The administration of newly elected Georgian President Mikheil Saakashvili will be labeled anti-Russian, and all the traditional measures will be taken to destabilize it. Ukrainian presidential candidate Viktor Yushchenko will also be tarred as anti-Russian, and Moscow will pull out all the stops to prevent him from winning the election. All of this loving attention will backfire, however, and Yushchenko will win.

Russian politicians will fail to understand that their neo-imperial impulses can elicit nothing but rejection in the former Soviet republics. Yet all they need to do is to study their experience of "unification" with Belarus, whose leader Alexander Lukashenko has led the entire Russian political elite around by the nose for the last 10 years by exploiting their collective complexes.
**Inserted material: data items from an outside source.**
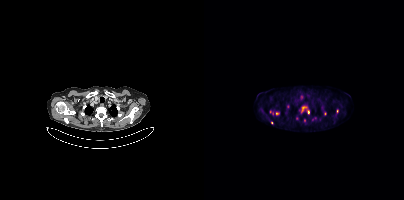
{"pet_grid":[200,200],"coord_frame":"pet_panel","coord_format":"x0,y0,x1,y1","partial":true,"lesion_bboxes":[],"small_foci_centers":[[73,113],[104,111],[84,106],[133,111],[67,122],[98,109]],"modality":"PSMA PET/CT","view":"axial","tracer":"[18F]PSMA-1007"}
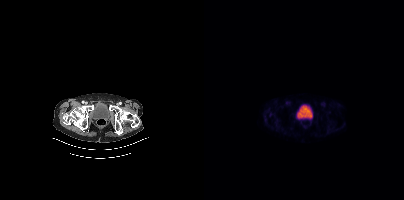
Left: CT. Right: PSMA PET, same axial level, [68Ga]Ga-PSMA-11 tracer. Acquired on Siemens Biograph mCT Flow 20. Slice 54 of 409. PET panel 200×200 px (4.1 mm/px). No PSMA-avid tumor lesions on this slice.
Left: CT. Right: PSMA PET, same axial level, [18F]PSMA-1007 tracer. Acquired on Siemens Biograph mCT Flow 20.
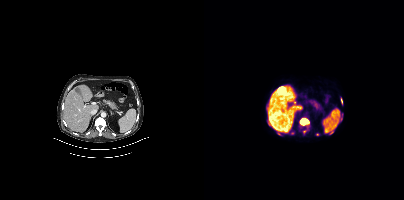
Coordinates are on the 200×200 PET (right) panel. PSMA-avid tumor lesion bounding boxes (partial; 1 more focus not listed):
| # | x0 | y0 | x1 | y1 |
|---|---|---|---|---|
| 1 | 96 | 118 | 104 | 124 |
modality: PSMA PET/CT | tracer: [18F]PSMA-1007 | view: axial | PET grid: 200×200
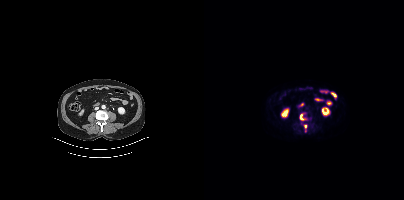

By the end of 2004, Russia's relations with the United States and the European Union will be chillier than at any time since the collapse of the Soviet Union. Officially this will be described as defending Russia's national interests as the country rises from its knees. The task of catching up with Portugal within 15 years will be dismissed as contemptible and as a provocation against a great country. The proud Russian Achilles, having given up on trying to outstrip the Portuguese turtoise, will "asymmetrically" throw down the gauntlet.

The man of the year in 2004 will be footballer Vadim Yevseyev. As he leaves Portugal following an unsuccessful performance by the Russian national team at the European Championship this summer, Yevseyev will turn to the Western television cameras and from the depths of his mysterious Russian soul he will hurl his trademark howl -- "Fuck you!"-- just as he did in Wales.

Yevseyev will be invited to the Kremlin, where he will be awarded the Order for Services to the Fatherland, Fourth Degree, as the person who most completely expressed the existential essence of the Orthodox Russian character and the fundamental principles of Russian domestic and foreign policy.